In a recent working paper, we analyze the effect of the forecasts of inflation and growth published quarterly by the central banks of Canada, Sweden, the UK, Japan and Switzerland. With the help of surveys conducted by Consensus Forecasts of professional forecasters from financial and non-financial sectors, we show that the inflation forecasts of the central banks of Sweden, the UK and Japan are a significant factor in the inflation forecasts of private agents. In other words, the publication of the central bank inflation forecasts leads to a revision of the forecasts of private agents. It also appears that the opposite is not true: the central bank forecasts do not respond to the forecasts of private agents.

Two factors could explain the central bank’s influence: first, the inflation forecasts of the central bank could be higher quality, making it rational for private agents to be influenced by them so as to improve their own forecasts of macroeconomic variables. Second, the inflation expectations of the central bank can influence private agents because they transmit signals, either about future decisions on monetary policy, or about the private information available to the central bank. This type of influence is independent of the forecasting performance of the central bank.

To determine the sources of this influence, we evaluated the relative forecasting performance of the central banks and private agents and tested whether the central bank’s influence on private expectations depends on the quality of its forecasts. Estimates showed that, in our sample of central banks, only the central bank of Sweden produced significant, regular and robust inflation forecasts that were better than those of private agents.
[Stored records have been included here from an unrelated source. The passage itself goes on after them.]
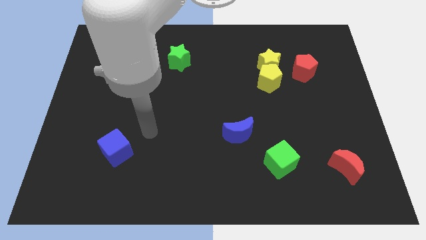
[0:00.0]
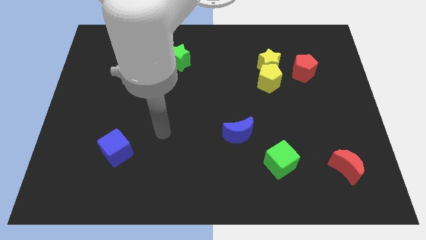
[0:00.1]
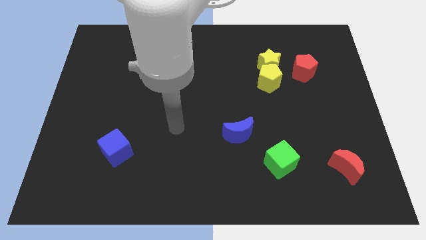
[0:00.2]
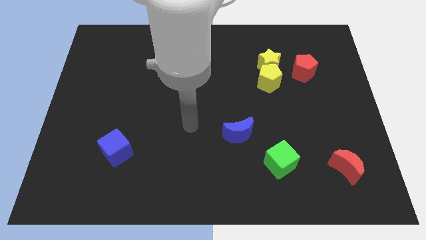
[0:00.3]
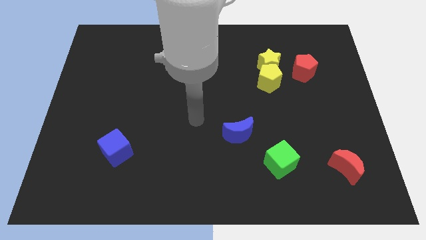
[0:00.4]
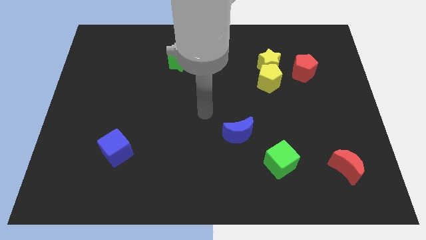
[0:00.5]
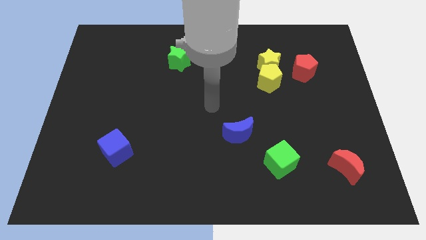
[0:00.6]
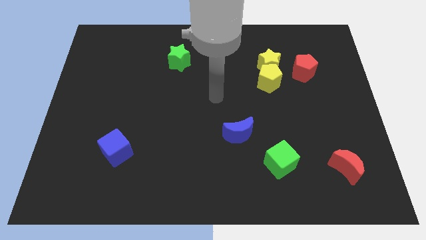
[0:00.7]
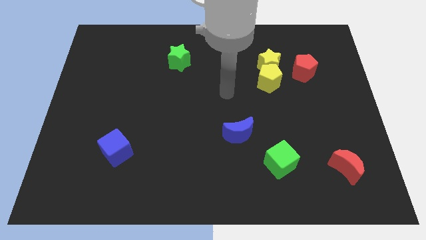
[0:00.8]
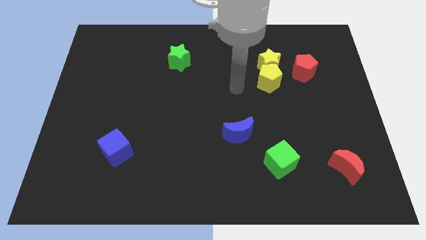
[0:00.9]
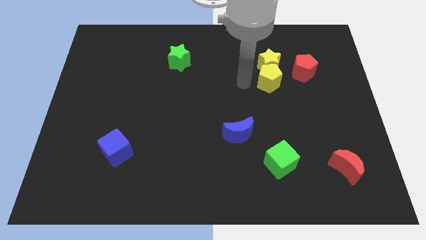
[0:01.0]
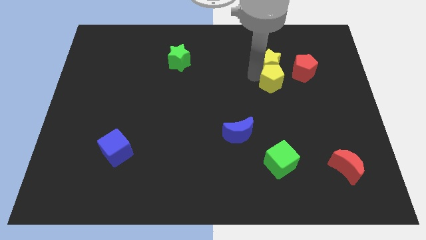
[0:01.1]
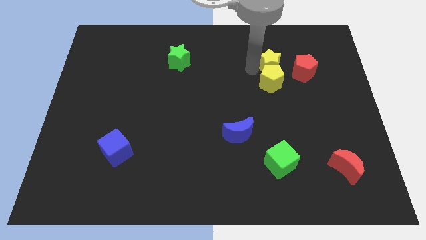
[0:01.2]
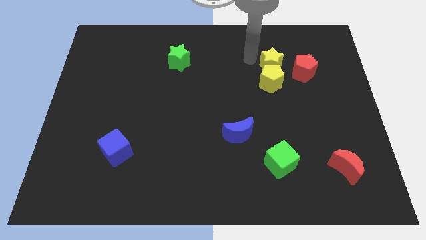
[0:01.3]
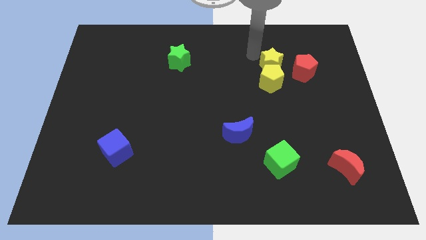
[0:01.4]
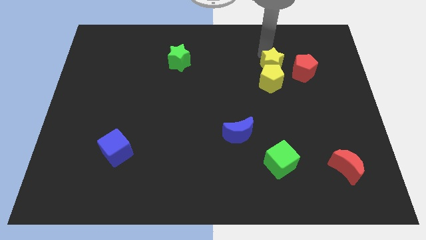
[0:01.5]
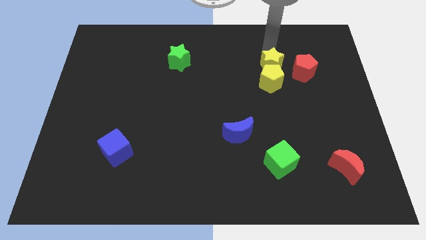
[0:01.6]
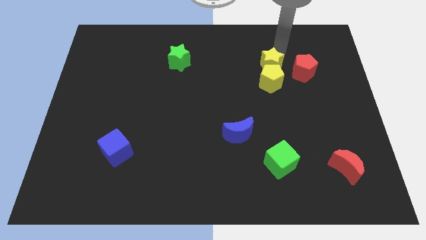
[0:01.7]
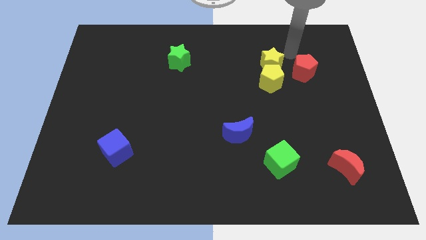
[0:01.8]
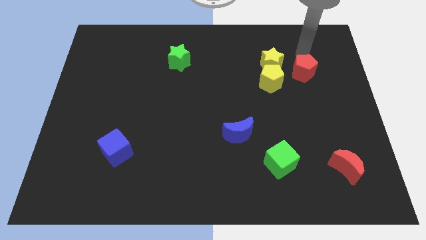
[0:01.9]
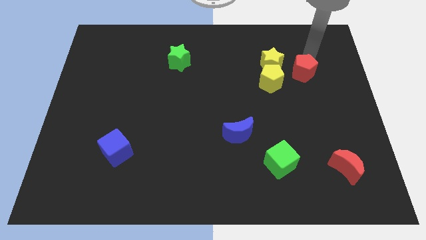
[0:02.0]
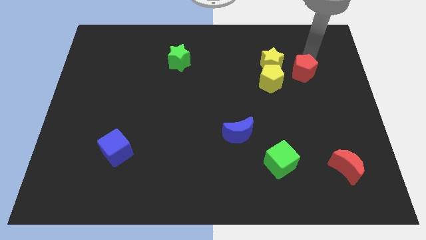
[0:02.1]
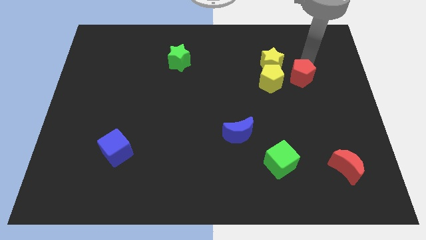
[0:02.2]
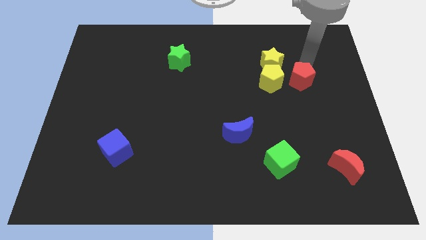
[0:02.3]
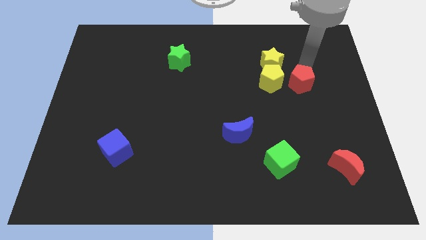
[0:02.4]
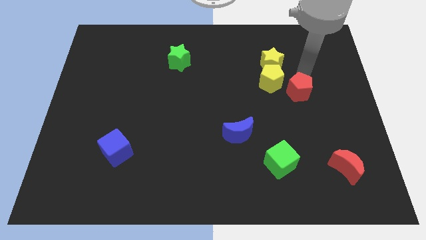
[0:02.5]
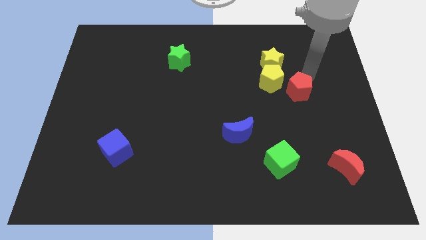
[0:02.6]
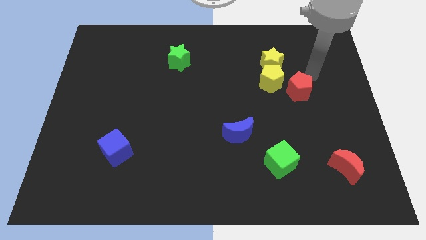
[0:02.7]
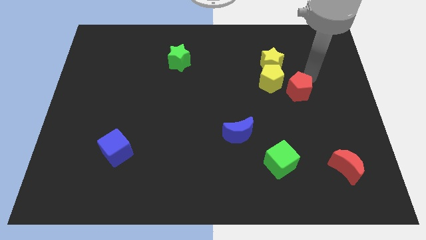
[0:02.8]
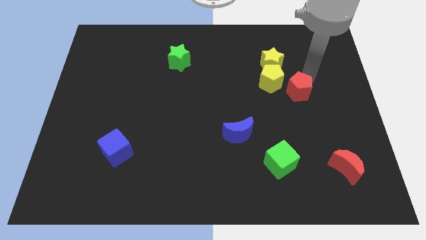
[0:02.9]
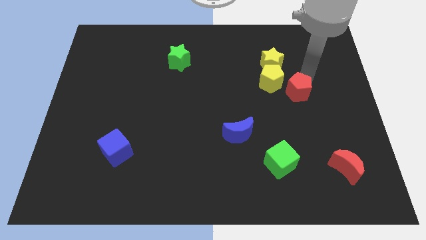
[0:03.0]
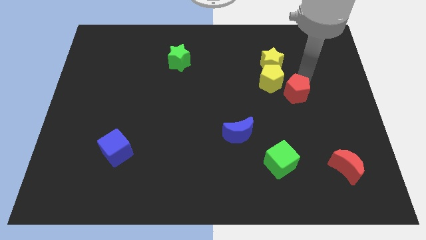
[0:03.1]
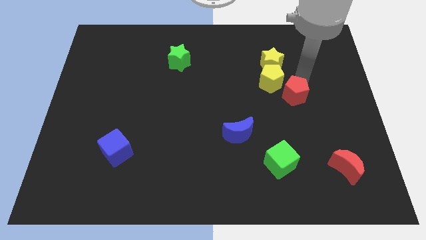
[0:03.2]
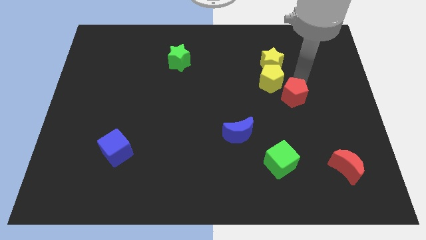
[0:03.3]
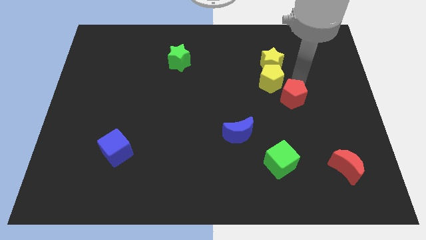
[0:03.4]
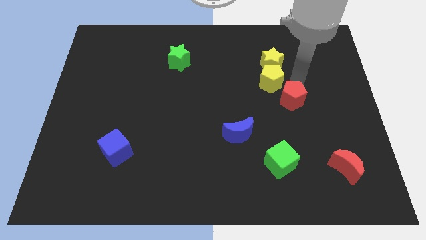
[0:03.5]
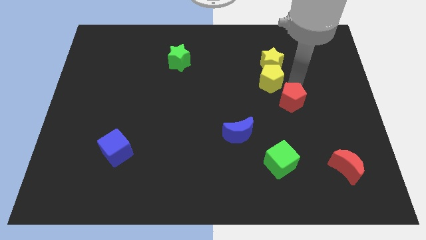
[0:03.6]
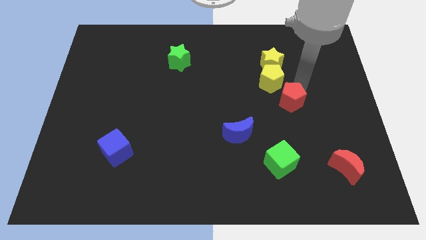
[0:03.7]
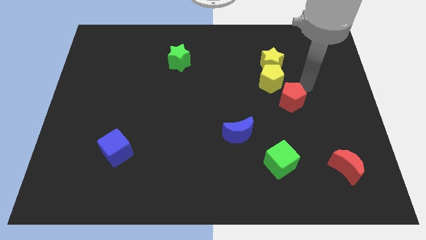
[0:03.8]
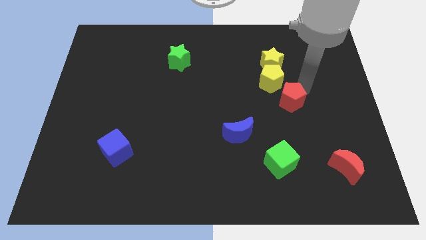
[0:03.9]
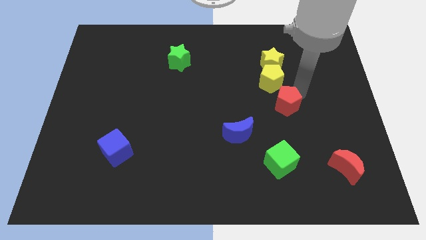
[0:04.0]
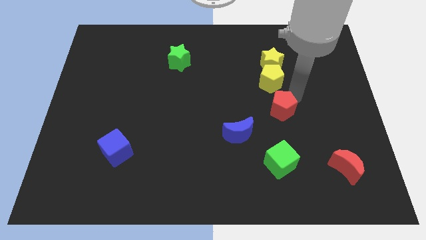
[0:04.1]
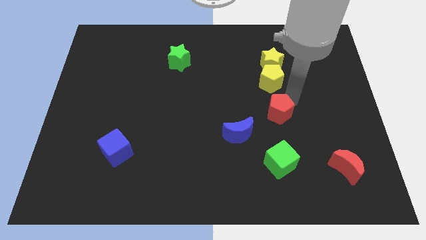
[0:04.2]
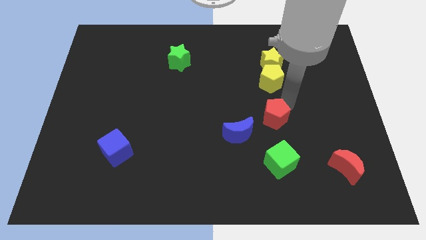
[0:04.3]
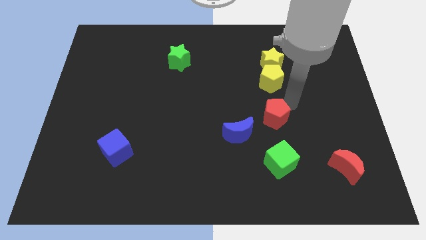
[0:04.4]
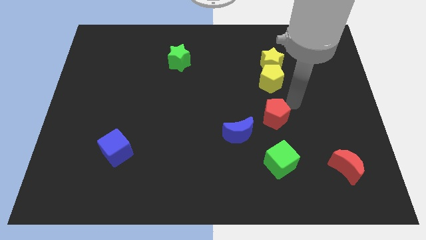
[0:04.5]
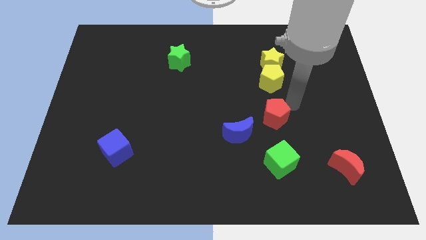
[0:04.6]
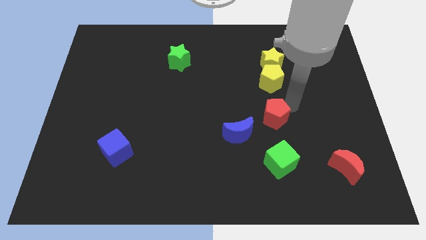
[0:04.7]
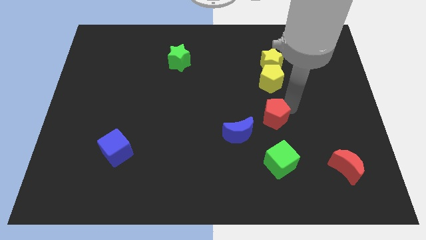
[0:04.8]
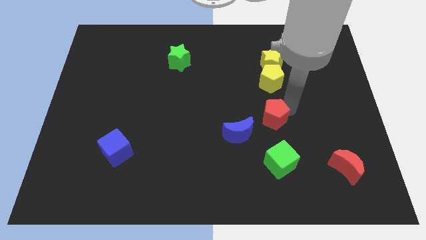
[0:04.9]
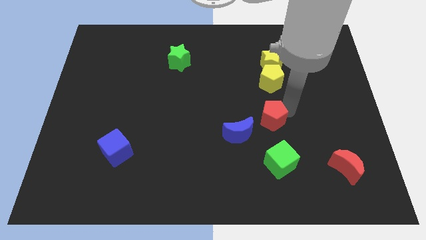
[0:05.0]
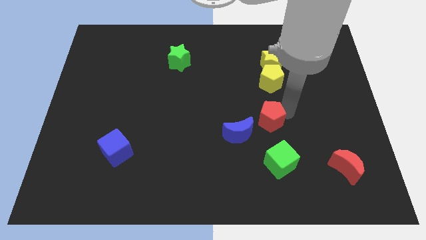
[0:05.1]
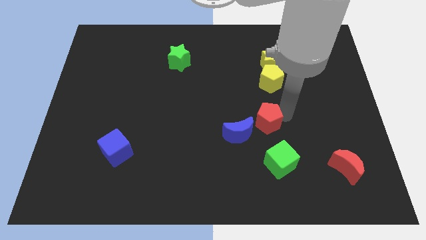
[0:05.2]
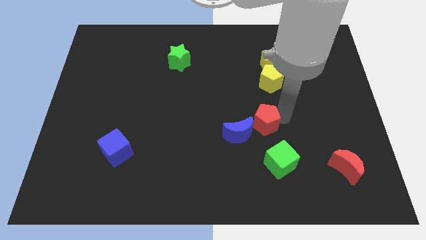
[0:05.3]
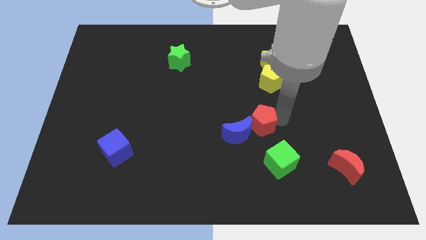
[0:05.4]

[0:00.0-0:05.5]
put the red pentagon next to the blue moon

We also found that the degree of influence depends on the quality of the inflation forecasts. In other words, the inflation forecast over a short horizon (1 or 2 quarters), which a historical analysis of forecast performance tells us are of low quality, do not influence private agents, whereas those of higher quality do influence them. Furthermore, the longer-term inflation forecasts of Sweden’s central bank managed to influence private expectations even when their quality was low, and the better the quality, the stronger the influence.
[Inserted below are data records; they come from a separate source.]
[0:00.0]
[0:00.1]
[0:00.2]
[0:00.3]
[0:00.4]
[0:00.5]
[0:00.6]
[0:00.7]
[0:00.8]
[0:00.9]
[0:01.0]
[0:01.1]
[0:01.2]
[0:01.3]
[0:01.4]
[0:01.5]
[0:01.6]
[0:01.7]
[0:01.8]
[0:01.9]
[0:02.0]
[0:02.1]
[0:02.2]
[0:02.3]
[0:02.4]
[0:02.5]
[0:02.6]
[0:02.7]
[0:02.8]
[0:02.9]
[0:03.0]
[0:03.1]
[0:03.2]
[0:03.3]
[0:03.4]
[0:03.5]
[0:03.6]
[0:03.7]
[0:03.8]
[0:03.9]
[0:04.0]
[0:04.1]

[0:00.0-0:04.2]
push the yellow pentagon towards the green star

While the central banks in the United Kingdom, Japan and Sweden all succeed in influencing private expectations by publishing their macroeconomic forecasts, it appears that the reasons for this influence differ. The first two use the transmission of signals, while the Swedish central bank uses both possible sources for influencing private expectations: its greater forecasting capability and the sending of signals. The consequence of these results is that the publication by the central bank of its macroeconomic forecasts could facilitate and render more effective the establishment of the desired monetary policy by shaping private expectations. This transmission channel, which is faster because it relies only on the provision of forecasts, could thus allow the central bank to affect the economy without changing its key interest rate, in practice making it an additional policy instrument.